# Distance (graph theory)

In the mathematical field of graph theory, the distance between two vertices in a graph is the number of edges in a shortest path (also called a graph geodesic) connecting them. This is also known as the geodesic distance.[1] Notice that there may be more than one shortest path between two vertices.[2] If there is no path connecting the two vertices, i.e., if they belong to different connected components, then conventionally the distance is defined as infinite.

In the case of a directed graph the distance ${\displaystyle d(u,v)}$ between two vertices ${\displaystyle u}$ and ${\displaystyle v}$ is defined as the length of a shortest directed path from ${\displaystyle u}$ to ${\displaystyle v}$ consisting of arcs, provided at least one such path exists.[3] Notice that, in contrast with the case of undirected graphs, ${\displaystyle d(u,v)}$ does not necessarily coincide with ${\displaystyle d(v,u)}$, and it might be the case that one is defined while the other is not.

## Related concepts

A metric space defined over a set of points in terms of distances in a graph defined over the set is called a graph metric. The vertex set (of an undirected graph) and the distance function form a metric space, if and only if the graph is connected.

The eccentricity ${\displaystyle \epsilon (v)}$ of a vertex ${\displaystyle v}$ is the greatest distance between ${\displaystyle v}$ and any other vertex; in symbols that is ${\displaystyle \epsilon (v)=\max _{u\in V}d(v,u)}$. It can be thought of as how far a node is from the node most distant from it in the graph.

The radius ${\displaystyle r}$ of a graph is the minimum eccentricity of any vertex or, in symbols, ${\displaystyle r=\min _{v\in V}\epsilon (v)=\min _{v\in V}\max _{u\in V}d(v,u)}$.

The diameter ${\displaystyle d}$ of a graph is the maximum eccentricity of any vertex in the graph. That is, ${\displaystyle d}$ is the greatest distance between any pair of vertices or, alternatively, ${\displaystyle d=\max _{v\in V}\epsilon (v)}$. To find the diameter of a graph, first find the shortest path between each pair of vertices. The greatest length of any of these paths is the diameter of the graph.

A central vertex in a graph of radius ${\displaystyle r}$ is one whose eccentricity is ${\displaystyle r}$—that is, a vertex that achieves the radius or, equivalently, a vertex ${\displaystyle v}$ such that ${\displaystyle \epsilon (v)=r}$.

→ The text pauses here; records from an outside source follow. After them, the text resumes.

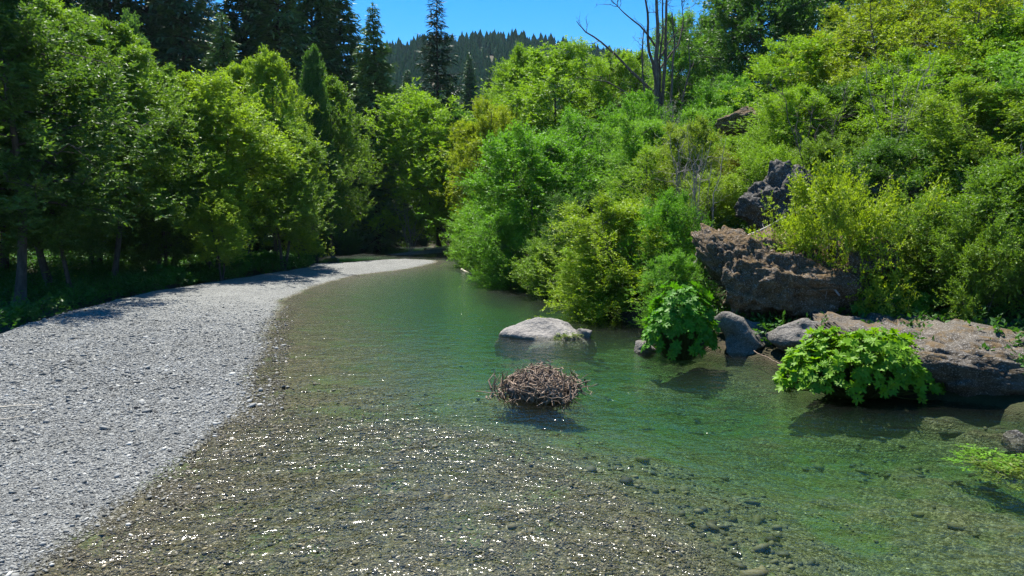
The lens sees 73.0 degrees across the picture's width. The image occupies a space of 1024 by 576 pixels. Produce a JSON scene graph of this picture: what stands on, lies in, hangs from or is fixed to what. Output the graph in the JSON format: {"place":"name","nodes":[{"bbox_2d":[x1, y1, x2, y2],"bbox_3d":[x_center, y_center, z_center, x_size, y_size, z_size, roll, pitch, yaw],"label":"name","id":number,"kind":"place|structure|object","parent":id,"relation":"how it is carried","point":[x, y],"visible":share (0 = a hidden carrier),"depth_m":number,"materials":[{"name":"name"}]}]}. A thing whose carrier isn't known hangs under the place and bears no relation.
{"place":"outdoors","nodes":[
{"label":"outdoors","id":0,"kind":"place"},
{"bbox_2d":[0,54,1023,575],"bbox_3d":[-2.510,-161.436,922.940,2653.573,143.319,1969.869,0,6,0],"label":"ground","id":1,"kind":"structure","parent":0,"point":[998,550],"depth_m":12.02,"materials":[{"name":"grey gravel"}]},
{"bbox_2d":[0,120,138,296],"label":"alder tree","id":2,"kind":"object","parent":1,"relation":"on","point":[81,248],"visible":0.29,"depth_m":27.93,"materials":[{"name":"green plant"}]},
{"bbox_2d":[0,0,171,292],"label":"alder tree","id":3,"kind":"object","parent":1,"relation":"on","point":[52,9],"visible":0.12,"depth_m":29.75,"materials":[{"name":"green plant"}]},
{"bbox_2d":[0,2,184,280],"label":"alder tree","id":4,"kind":"object","parent":1,"relation":"on","point":[3,228],"visible":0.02,"depth_m":35.11,"materials":[{"name":"green plant"}]},
{"bbox_2d":[0,0,192,305],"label":"alder tree","id":5,"kind":"object","parent":1,"relation":"on","point":[28,36],"visible":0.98,"depth_m":25.45,"materials":[{"name":"green plant"}]},
{"bbox_2d":[77,0,160,249],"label":"fir tree","id":6,"kind":"object","parent":1,"relation":"on","point":[107,9],"visible":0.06,"depth_m":63.55,"materials":[{"name":"green plant"}]},
{"bbox_2d":[10,11,237,288],"bbox_3d":[-18.235,-6.206,33.480,9.188,13.023,9.474,-3,6,-26],"label":"alder tree","id":7,"kind":"object","parent":1,"relation":"on","point":[157,170],"visible":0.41,"depth_m":32.28,"materials":[{"name":"green plant"}]},
{"bbox_2d":[109,7,165,235],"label":"alder tree","id":8,"kind":"object","parent":1,"relation":"on","point":[131,19],"visible":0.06,"depth_m":50.18,"materials":[{"name":"green plant"}]},
{"bbox_2d":[111,0,199,248],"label":"fir tree","id":9,"kind":"object","parent":1,"relation":"on","point":[145,7],"visible":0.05,"depth_m":66.83,"materials":[{"name":"green plant"}]},
{"bbox_2d":[87,152,228,271],"bbox_3d":[-18.696,-3.320,36.542,7.479,7.900,6.822,1,6,10],"label":"alder tree","id":10,"kind":"object","parent":1,"relation":"on","point":[150,248],"visible":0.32,"depth_m":35.83,"materials":[{"name":"green plant"}]},
{"bbox_2d":[141,263,197,285],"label":"rhubarb clump","id":11,"kind":"object","parent":1,"relation":"on","point":[169,268],"visible":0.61,"depth_m":34.22,"materials":[{"name":"green plant"}]},
{"bbox_2d":[114,62,243,262],"bbox_3d":[-18.659,-6.200,37.727,7.748,12.105,8.494,-2,6,-21],"label":"alder tree","id":12,"kind":"object","parent":1,"relation":"on","point":[198,128],"visible":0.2,"depth_m":36.66,"materials":[{"name":"green plant"}]},
{"bbox_2d":[141,0,219,240],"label":"fir tree","id":13,"kind":"object","parent":1,"relation":"on","point":[187,19],"visible":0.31,"depth_m":63.27,"materials":[{"name":"green plant"}]},
{"bbox_2d":[164,185,264,280],"bbox_3d":[-15.303,-2.692,35.599,4.849,5.174,4.376,-6,8,-44],"label":"alder tree","id":14,"kind":"object","parent":1,"relation":"on","point":[228,215],"visible":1,"depth_m":35.35,"materials":[{"name":"green plant"}]},
{"bbox_2d":[188,0,243,249],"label":"fir tree","id":15,"kind":"object","parent":1,"relation":"on","point":[208,11],"visible":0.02,"depth_m":88.55,"materials":[{"name":"green plant"}]},
{"bbox_2d":[116,65,329,267],"bbox_3d":[-16.375,-6.536,39.898,11.854,12.158,10.696,0,6,-3],"label":"alder tree","id":16,"kind":"object","parent":1,"relation":"on","point":[240,129],"visible":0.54,"depth_m":38.33,"materials":[{"name":"green plant"}]},
{"bbox_2d":[179,12,277,252],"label":"fir tree","id":17,"kind":"object","parent":1,"relation":"on","point":[222,44],"visible":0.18,"depth_m":58.00,"materials":[{"name":"green plant"}]},
{"bbox_2d":[199,0,281,250],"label":"fir tree","id":18,"kind":"object","parent":1,"relation":"on","point":[238,6],"visible":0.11,"depth_m":74.29,"materials":[{"name":"green plant"}]},
{"bbox_2d":[189,56,312,254],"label":"alder tree","id":19,"kind":"object","parent":1,"relation":"on","point":[236,70],"visible":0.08,"depth_m":48.33,"materials":[{"name":"green plant"}]},
{"bbox_2d":[228,43,328,255],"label":"alder tree","id":20,"kind":"object","parent":1,"relation":"on","point":[269,67],"visible":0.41,"depth_m":45.12,"materials":[{"name":"green plant"}]},
{"bbox_2d":[220,114,351,270],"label":"alder tree","id":21,"kind":"object","parent":1,"relation":"on","point":[304,210],"visible":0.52,"depth_m":42.92,"materials":[{"name":"green plant"}]},
{"bbox_2d":[236,0,346,252],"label":"fir tree","id":22,"kind":"object","parent":1,"relation":"on","point":[266,28],"visible":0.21,"depth_m":71.00,"materials":[{"name":"green plant"}]},
{"bbox_2d":[261,176,334,259],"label":"alder tree","id":23,"kind":"object","parent":1,"relation":"on","point":[313,247],"visible":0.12,"depth_m":48.71,"materials":[{"name":"green plant"}]},
{"bbox_2d":[271,0,370,254],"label":"fir tree","id":24,"kind":"object","parent":1,"relation":"on","point":[315,9],"visible":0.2,"depth_m":77.06,"materials":[{"name":"green plant"}]},
{"bbox_2d":[295,43,361,261],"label":"fir tree","id":25,"kind":"object","parent":1,"relation":"on","point":[313,73],"visible":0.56,"depth_m":53.42,"materials":[{"name":"green plant"}]},
{"bbox_2d":[294,74,383,256],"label":"alder tree","id":26,"kind":"object","parent":1,"relation":"on","point":[337,97],"visible":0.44,"depth_m":56.64,"materials":[{"name":"green plant"}]},
{"bbox_2d":[309,0,398,252],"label":"fir tree","id":27,"kind":"object","parent":1,"relation":"on","point":[349,28],"visible":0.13,"depth_m":80.87,"materials":[{"name":"green plant"}]},
{"bbox_2d":[333,2,424,256],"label":"fir tree","id":28,"kind":"object","parent":1,"relation":"on","point":[372,71],"visible":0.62,"depth_m":73.66,"materials":[{"name":"green plant"}]},
{"bbox_2d":[399,0,468,246],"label":"fir tree","id":29,"kind":"object","parent":1,"relation":"on","point":[438,78],"visible":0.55,"depth_m":75.12,"materials":[{"name":"green plant"}]},
{"bbox_2d":[340,77,528,245],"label":"tree","id":30,"kind":"object","parent":1,"relation":"on","point":[427,132],"visible":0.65,"depth_m":68.04,"materials":[{"name":"green plant"}]},
{"bbox_2d":[404,103,483,246],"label":"tree","id":31,"kind":"object","parent":1,"relation":"on","point":[431,230],"visible":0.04,"depth_m":78.24,"materials":[{"name":"green plant"}]},
{"bbox_2d":[438,207,480,270],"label":"bush","id":32,"kind":"object","parent":1,"relation":"on","point":[455,216],"visible":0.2,"depth_m":49.17,"materials":[{"name":"green plant"}]},
{"bbox_2d":[459,52,478,122],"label":"fir tree","id":33,"kind":"object","parent":1,"relation":"on","point":[469,88],"visible":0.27,"depth_m":114.67,"materials":[{"name":"green plant"}]},
{"bbox_2d":[444,180,519,277],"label":"bush","id":34,"kind":"object","parent":1,"relation":"on","point":[465,262],"visible":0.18,"depth_m":43.27,"materials":[{"name":"green plant"}]},
{"bbox_2d":[430,95,537,229],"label":"tree","id":35,"kind":"object","parent":1,"relation":"on","point":[486,123],"visible":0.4,"depth_m":59.55,"materials":[{"name":"green plant"}]},
{"bbox_2d":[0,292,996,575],"bbox_3d":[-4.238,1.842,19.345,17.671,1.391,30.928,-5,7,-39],"label":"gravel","id":36,"kind":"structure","parent":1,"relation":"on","point":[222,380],"depth_m":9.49,"materials":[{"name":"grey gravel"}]},
{"bbox_2d":[447,41,557,204],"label":"tree","id":37,"kind":"object","parent":1,"relation":"on","point":[520,52],"visible":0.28,"depth_m":71.31,"materials":[{"name":"green plant"}]},
{"bbox_2d":[459,211,551,299],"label":"bush","id":38,"kind":"object","parent":1,"relation":"on","point":[511,230],"visible":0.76,"depth_m":34.89,"materials":[{"name":"green plant"}]},
{"bbox_2d":[363,37,651,120],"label":"forest","id":39,"kind":"object","parent":1,"relation":"on","point":[404,58],"visible":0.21,"depth_m":415.48,"materials":[{"name":"green plant"}]},
{"bbox_2d":[0,74,1023,373],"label":"undergrowth","id":40,"kind":"object","parent":1,"relation":"on","point":[126,280],"visible":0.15,"depth_m":27.51,"materials":[{"name":"green plant"}]},
{"bbox_2d":[418,118,609,268],"bbox_3d":[1.594,-4.864,37.998,12.545,8.651,10.738,-3,7,-28],"label":"bush","id":41,"kind":"object","parent":1,"relation":"on","point":[545,159],"visible":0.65,"depth_m":36.70,"materials":[{"name":"green plant"}]},
{"bbox_2d":[477,359,596,415],"bbox_3d":[0.505,2.005,13.680,2.207,1.175,1.801,2,6,21],"label":"root wad","id":42,"kind":"object","parent":1,"relation":"on","point":[536,386],"visible":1,"depth_m":13.43,"materials":[{"name":"brown wood"}]},
{"bbox_2d":[504,233,577,297],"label":"bush","id":43,"kind":"object","parent":1,"relation":"on","point":[534,279],"visible":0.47,"depth_m":30.52,"materials":[{"name":"green plant"}]},
{"bbox_2d":[454,35,628,197],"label":"tree","id":44,"kind":"object","parent":1,"relation":"on","point":[550,69],"visible":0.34,"depth_m":62.37,"materials":[{"name":"green plant"}]},
{"bbox_2d":[494,317,596,360],"bbox_3d":[0.984,1.719,20.701,2.883,1.674,2.059,5,8,42],"label":"boulder","id":45,"kind":"object","parent":1,"relation":"on","point":[536,329],"visible":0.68,"depth_m":20.11,"materials":[{"name":"grey stone"}]},
{"bbox_2d":[514,187,616,272],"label":"bush","id":46,"kind":"object","parent":1,"relation":"on","point":[557,217],"visible":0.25,"depth_m":30.57,"materials":[{"name":"green plant"}]},
{"bbox_2d":[524,116,615,201],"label":"tree","id":47,"kind":"object","parent":1,"relation":"on","point":[582,128],"visible":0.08,"depth_m":48.51,"materials":[{"name":"green plant"}]},
{"bbox_2d":[528,103,621,199],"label":"bush","id":48,"kind":"object","parent":1,"relation":"on","point":[568,119],"visible":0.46,"depth_m":40.39,"materials":[{"name":"green plant"}]},
{"bbox_2d":[534,243,643,323],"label":"bush","id":49,"kind":"object","parent":1,"relation":"on","point":[579,275],"visible":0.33,"depth_m":25.00,"materials":[{"name":"green plant"}]},
{"bbox_2d":[508,188,710,339],"bbox_3d":[4.261,-0.631,25.246,8.232,5.961,7.492,-4,7,-32],"label":"bush","id":50,"kind":"object","parent":1,"relation":"on","point":[617,220],"visible":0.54,"depth_m":23.97,"materials":[{"name":"green plant"}]},
{"bbox_2d":[548,46,690,167],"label":"tree","id":51,"kind":"object","parent":1,"relation":"on","point":[630,60],"visible":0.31,"depth_m":57.34,"materials":[{"name":"green plant"}]},
{"bbox_2d":[578,112,689,207],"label":"bush","id":52,"kind":"object","parent":1,"relation":"on","point":[644,133],"visible":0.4,"depth_m":33.69,"materials":[{"name":"green plant"}]},
{"bbox_2d":[582,88,690,196],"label":"bush","id":53,"kind":"object","parent":1,"relation":"on","point":[633,109],"visible":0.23,"depth_m":40.14,"materials":[{"name":"green plant"}]},
{"bbox_2d":[601,142,680,225],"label":"bush","id":54,"kind":"object","parent":1,"relation":"on","point":[646,166],"visible":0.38,"depth_m":29.46,"materials":[{"name":"green plant"}]},
{"bbox_2d":[576,0,708,157],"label":"dead tree","id":55,"kind":"object","parent":1,"relation":"on","point":[657,90],"visible":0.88,"depth_m":43.70,"materials":[{"name":"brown wood"}]},
{"bbox_2d":[610,186,716,293],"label":"bush","id":56,"kind":"object","parent":1,"relation":"on","point":[668,207],"visible":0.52,"depth_m":22.99,"materials":[{"name":"green plant"}]},
{"bbox_2d":[623,245,725,335],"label":"bush","id":57,"kind":"object","parent":1,"relation":"on","point":[677,265],"visible":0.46,"depth_m":20.00,"materials":[{"name":"green plant"}]},
{"bbox_2d":[632,6,719,127],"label":"tree","id":58,"kind":"object","parent":1,"relation":"on","point":[681,60],"visible":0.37,"depth_m":60.80,"materials":[{"name":"green plant"}]},
{"bbox_2d":[641,280,720,360],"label":"rhubarb clump","id":59,"kind":"object","parent":1,"relation":"on","point":[681,319],"visible":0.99,"depth_m":17.03,"materials":[{"name":"green plant"}]},
{"bbox_2d":[652,112,718,240],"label":"dead bush","id":60,"kind":"object","parent":1,"relation":"on","point":[679,171],"visible":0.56,"depth_m":25.91,"materials":[{"name":"brown wood"}]},
{"bbox_2d":[630,111,749,226],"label":"bush","id":61,"kind":"object","parent":1,"relation":"on","point":[701,133],"visible":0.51,"depth_m":28.05,"materials":[{"name":"green plant"}]},
{"bbox_2d":[646,168,745,240],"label":"bush","id":62,"kind":"object","parent":1,"relation":"on","point":[726,202],"visible":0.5,"depth_m":25.16,"materials":[{"name":"green plant"}]},
{"bbox_2d":[665,102,736,178],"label":"bush","id":63,"kind":"object","parent":1,"relation":"on","point":[714,113],"visible":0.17,"depth_m":34.83,"materials":[{"name":"green plant"}]},
{"bbox_2d":[674,9,736,128],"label":"tree","id":64,"kind":"object","parent":1,"relation":"on","point":[704,26],"visible":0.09,"depth_m":62.94,"materials":[{"name":"green plant"}]},
{"bbox_2d":[679,125,734,230],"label":"dead bush","id":65,"kind":"object","parent":1,"relation":"on","point":[695,188],"visible":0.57,"depth_m":24.09,"materials":[{"name":"brown wood"}]},
{"bbox_2d":[675,73,763,149],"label":"bush","id":66,"kind":"object","parent":1,"relation":"on","point":[707,92],"visible":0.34,"depth_m":41.42,"materials":[{"name":"green plant"}]},
{"bbox_2d":[684,130,758,184],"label":"bush","id":67,"kind":"object","parent":1,"relation":"on","point":[729,141],"visible":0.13,"depth_m":30.82,"materials":[{"name":"green plant"}]},
{"bbox_2d":[715,106,767,139],"bbox_3d":[10.904,-7.664,33.157,2.645,1.938,2.458,-4,7,-34],"label":"boulder","id":68,"kind":"object","parent":1,"relation":"on","point":[734,116],"visible":0.52,"depth_m":32.50,"materials":[{"name":"grey stone"}]},
{"bbox_2d":[714,311,771,361],"bbox_3d":[6.106,1.325,18.208,1.848,1.101,1.435,20,7,-29],"label":"boulder","id":69,"kind":"object","parent":1,"relation":"on","point":[742,340],"visible":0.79,"depth_m":17.76,"materials":[{"name":"grey stone"}]},
{"bbox_2d":[644,0,853,105],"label":"tree","id":70,"kind":"object","parent":1,"relation":"on","point":[782,18],"visible":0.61,"depth_m":50.44,"materials":[{"name":"green plant"}]},
{"bbox_2d":[723,135,810,195],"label":"bush","id":71,"kind":"object","parent":1,"relation":"on","point":[757,163],"visible":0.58,"depth_m":25.40,"materials":[{"name":"green plant"}]},
{"bbox_2d":[733,159,828,231],"bbox_3d":[9.425,-2.923,23.920,3.512,3.041,2.715,1,6,13],"label":"boulder","id":72,"kind":"object","parent":1,"relation":"on","point":[748,206],"visible":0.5,"depth_m":23.14,"materials":[{"name":"grey stone"}]},
{"bbox_2d":[691,223,874,323],"bbox_3d":[7.846,0.113,20.239,5.940,3.489,4.580,17,12,-7],"label":"boulder","id":73,"kind":"object","parent":1,"relation":"on","point":[749,274],"visible":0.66,"depth_m":18.47,"materials":[{"name":"grey stone"}]},
{"bbox_2d":[765,318,821,351],"bbox_3d":[6.984,1.225,17.084,1.185,0.889,1.214,-13,14,-10],"label":"boulder","id":74,"kind":"object","parent":1,"relation":"on","point":[785,336],"visible":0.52,"depth_m":16.86,"materials":[{"name":"grey stone"}]},
{"bbox_2d":[723,81,866,175],"bbox_3d":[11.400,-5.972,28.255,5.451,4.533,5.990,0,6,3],"label":"bush","id":75,"kind":"object","parent":1,"relation":"on","point":[806,90],"visible":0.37,"depth_m":27.14,"materials":[{"name":"green plant"}]},
{"bbox_2d":[715,29,875,121],"bbox_3d":[16.004,-10.543,36.876,9.366,6.806,10.942,-1,6,-12],"label":"bush","id":76,"kind":"object","parent":1,"relation":"on","point":[763,66],"visible":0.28,"depth_m":36.19,"materials":[{"name":"green plant"}]},
{"bbox_2d":[765,68,857,178],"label":"dead bush","id":77,"kind":"object","parent":1,"relation":"on","point":[796,131],"visible":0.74,"depth_m":24.58,"materials":[{"name":"brown wood"}]},
{"bbox_2d":[765,0,858,41],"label":"tree","id":78,"kind":"object","parent":1,"relation":"on","point":[828,17],"visible":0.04,"depth_m":58.27,"materials":[{"name":"green plant"}]},
{"bbox_2d":[753,63,913,160],"bbox_3d":[13.972,-6.307,28.720,8.350,5.194,7.148,-1,6,-8],"label":"bush","id":79,"kind":"object","parent":1,"relation":"on","point":[835,94],"visible":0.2,"depth_m":27.19,"materials":[{"name":"green plant"}]},
{"bbox_2d":[783,130,887,189],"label":"bush","id":80,"kind":"object","parent":1,"relation":"on","point":[835,144],"visible":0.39,"depth_m":24.10,"materials":[{"name":"green plant"}]},
{"bbox_2d":[746,135,958,318],"bbox_3d":[8.944,-1.103,18.973,4.674,6.029,4.630,-1,6,-14],"label":"bush","id":81,"kind":"object","parent":1,"relation":"on","point":[842,201],"visible":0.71,"depth_m":18.32,"materials":[{"name":"green plant"}]},
{"bbox_2d":[772,325,945,404],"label":"rhubarb clump","id":82,"kind":"object","parent":1,"relation":"on","point":[852,365],"visible":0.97,"depth_m":13.30,"materials":[{"name":"green plant"}]},
{"bbox_2d":[775,0,957,104],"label":"bush","id":83,"kind":"object","parent":1,"relation":"on","point":[860,13],"visible":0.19,"depth_m":33.82,"materials":[{"name":"green plant"}]},
{"bbox_2d":[831,236,902,279],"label":"bush","id":84,"kind":"object","parent":1,"relation":"on","point":[854,259],"visible":0.18,"depth_m":18.38,"materials":[{"name":"green plant"}]},
{"bbox_2d":[805,0,973,89],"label":"tree","id":85,"kind":"object","parent":1,"relation":"on","point":[892,31],"visible":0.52,"depth_m":29.55,"materials":[{"name":"green plant"}]},
{"bbox_2d":[850,161,941,210],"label":"bush","id":86,"kind":"object","parent":1,"relation":"on","point":[909,194],"visible":0.13,"depth_m":21.66,"materials":[{"name":"green plant"}]},
{"bbox_2d":[848,48,943,144],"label":"dead bush","id":87,"kind":"object","parent":1,"relation":"on","point":[891,119],"visible":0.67,"depth_m":23.54,"materials":[{"name":"brown wood"}]},
{"bbox_2d":[836,279,957,315],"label":"rhubarb clump","id":88,"kind":"object","parent":1,"relation":"on","point":[920,303],"visible":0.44,"depth_m":18.16,"materials":[{"name":"green plant"}]},
{"bbox_2d":[805,136,1004,218],"bbox_3d":[12.210,-3.291,22.571,5.848,3.266,5.681,-1,6,-6],"label":"bush","id":89,"kind":"object","parent":1,"relation":"on","point":[883,149],"visible":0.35,"depth_m":21.50,"materials":[{"name":"green plant"}]},
{"bbox_2d":[823,57,987,145],"bbox_3d":[14.498,-5.510,24.593,6.116,5.393,5.653,-1,6,-14],"label":"tree","id":90,"kind":"object","parent":1,"relation":"on","point":[883,118],"visible":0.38,"depth_m":24.50,"materials":[{"name":"green plant"}]},
{"bbox_2d":[808,310,1023,396],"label":"boulder","id":91,"kind":"object","parent":1,"relation":"on","point":[956,357],"visible":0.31,"depth_m":13.61,"materials":[{"name":"grey stone"}]},
{"bbox_2d":[825,37,1018,137],"bbox_3d":[15.879,-6.402,26.611,8.323,6.027,7.575,3,7,29],"label":"bush","id":92,"kind":"object","parent":1,"relation":"on","point":[903,57],"visible":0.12,"depth_m":25.65,"materials":[{"name":"green plant"}]},
{"bbox_2d":[842,128,1003,174],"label":"bush","id":93,"kind":"object","parent":1,"relation":"on","point":[918,150],"visible":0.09,"depth_m":22.19,"materials":[{"name":"green plant"}]},
{"bbox_2d":[833,0,1023,83],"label":"bush","id":94,"kind":"object","parent":1,"relation":"on","point":[992,7],"visible":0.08,"depth_m":31.83,"materials":[{"name":"green plant"}]},
{"bbox_2d":[857,185,1021,304],"bbox_3d":[11.438,-1.081,18.916,4.531,3.445,4.664,2,6,16],"label":"bush","id":95,"kind":"object","parent":1,"relation":"on","point":[924,257],"visible":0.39,"depth_m":18.38,"materials":[{"name":"green plant"}]},
{"bbox_2d":[876,72,1023,206],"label":"bush","id":96,"kind":"object","parent":1,"relation":"on","point":[929,97],"visible":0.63,"depth_m":20.60,"materials":[{"name":"green plant"}]},
{"bbox_2d":[876,0,1023,98],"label":"tree","id":97,"kind":"object","parent":1,"relation":"on","point":[966,13],"visible":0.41,"depth_m":25.82,"materials":[{"name":"green plant"}]},
{"bbox_2d":[876,79,1023,161],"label":"bush","id":98,"kind":"object","parent":1,"relation":"on","point":[1013,143],"visible":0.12,"depth_m":20.89,"materials":[{"name":"green plant"}]},
{"bbox_2d":[909,153,1023,306],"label":"bush","id":99,"kind":"object","parent":1,"relation":"on","point":[1009,199],"visible":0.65,"depth_m":17.14,"materials":[{"name":"green plant"}]},
{"bbox_2d":[928,199,1023,321],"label":"bush","id":100,"kind":"object","parent":1,"relation":"on","point":[959,232],"visible":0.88,"depth_m":16.78,"materials":[{"name":"green plant"}]},
{"bbox_2d":[932,5,1023,96],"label":"bush","id":101,"kind":"object","parent":1,"relation":"on","point":[1006,35],"visible":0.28,"depth_m":24.50,"materials":[{"name":"green plant"}]},
{"bbox_2d":[938,37,1023,159],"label":"bush","id":102,"kind":"object","parent":1,"relation":"on","point":[998,61],"visible":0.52,"depth_m":20.75,"materials":[{"name":"green plant"}]},
{"bbox_2d":[1001,430,1023,459],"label":"boulder","id":103,"kind":"object","parent":1,"relation":"on","point":[1010,439],"visible":0.84,"depth_m":10.95,"materials":[{"name":"grey stone"}]},
{"bbox_2d":[1,245,1023,575],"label":"water","id":104,"kind":"structure","parent":0,"point":[407,291],"depth_m":17.27,"materials":[{"name":"green liquid"}]},
{"bbox_2d":[940,443,1023,475],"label":"plant","id":105,"kind":"object","parent":104,"relation":"on","point":[973,452],"visible":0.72,"depth_m":10.29,"materials":[{"name":"green plant"}]},
{"bbox_2d":[964,456,1023,490],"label":"plant","id":106,"kind":"object","parent":104,"relation":"on","point":[1005,476],"visible":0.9,"depth_m":9.71,"materials":[{"name":"green plant"}]},
{"bbox_2d":[132,0,1022,82],"label":"sky","id":107,"kind":"structure","parent":0,"point":[402,19],"materials":[{"name":"blue"}]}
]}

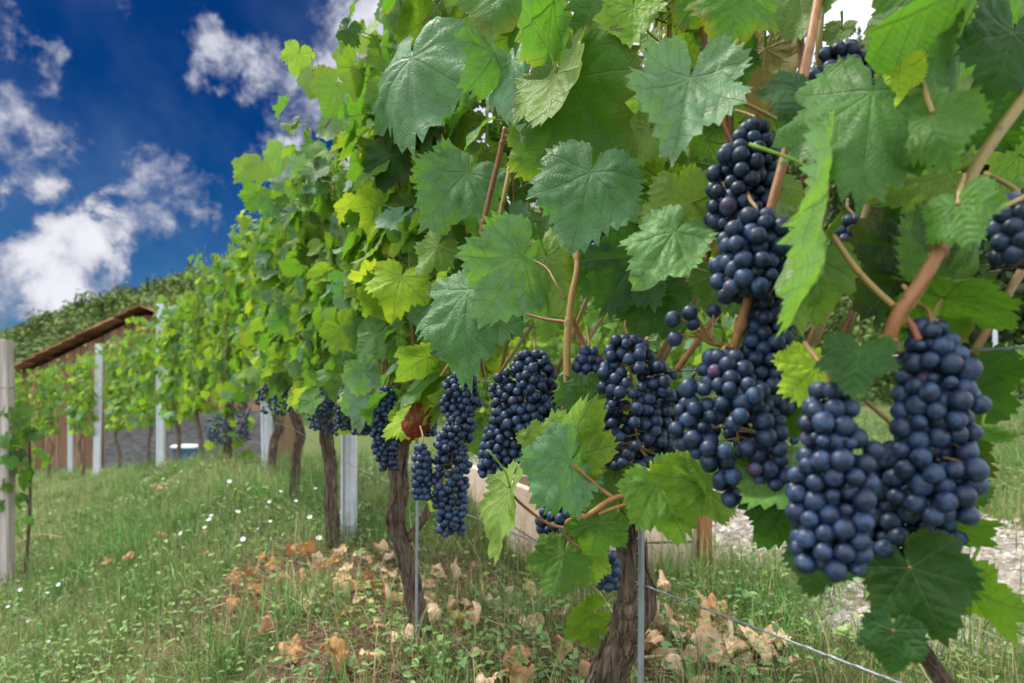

A peripheral vertex in a graph of diameter ${\displaystyle d}$ is one that is distance ${\displaystyle d}$ from some other vertex—that is, a vertex that achieves the diameter. Formally, ${\displaystyle v}$ is peripheral if ${\displaystyle \epsilon (v)=d}$.

A pseudo-peripheral vertex ${\displaystyle v}$ has the property that for any vertex ${\displaystyle u}$, if ${\displaystyle v}$ is as far away from ${\displaystyle u}$ as possible, then ${\displaystyle u}$ is as far away from ${\displaystyle v}$ as possible. Formally, a vertex u is pseudo-peripheral, if for each vertex v with ${\displaystyle d(u,v)=\epsilon (u)}$ holds ${\displaystyle \epsilon (u)=\epsilon (v)}$.

The partition of a graph's vertices into subsets by their distances from a given starting vertex is called the level structure of the graph.

A graph such that for every pair of vertices there is a unique shortest path connecting them is called a geodetic graph. For example, all trees are geodetic.[4]

## Algorithm for finding pseudo-peripheral vertices

Often peripheral sparse matrix algorithms need a starting vertex with a high eccentricity. A peripheral vertex would be perfect, but is often hard to calculate. In most circumstances a pseudo-peripheral vertex can be used. A pseudo-peripheral vertex can easily be found with the following algorithm:

1. Choose a vertex ${\displaystyle u}$.
2. Among all the vertices that are as far from ${\displaystyle u}$ as possible, let ${\displaystyle v}$ be one with minimal degree.
3. If ${\displaystyle \epsilon (v)>\epsilon (u)}$ then set ${\displaystyle u=v}$ and repeat with step 2, else ${\displaystyle u}$ is a pseudo-peripheral vertex.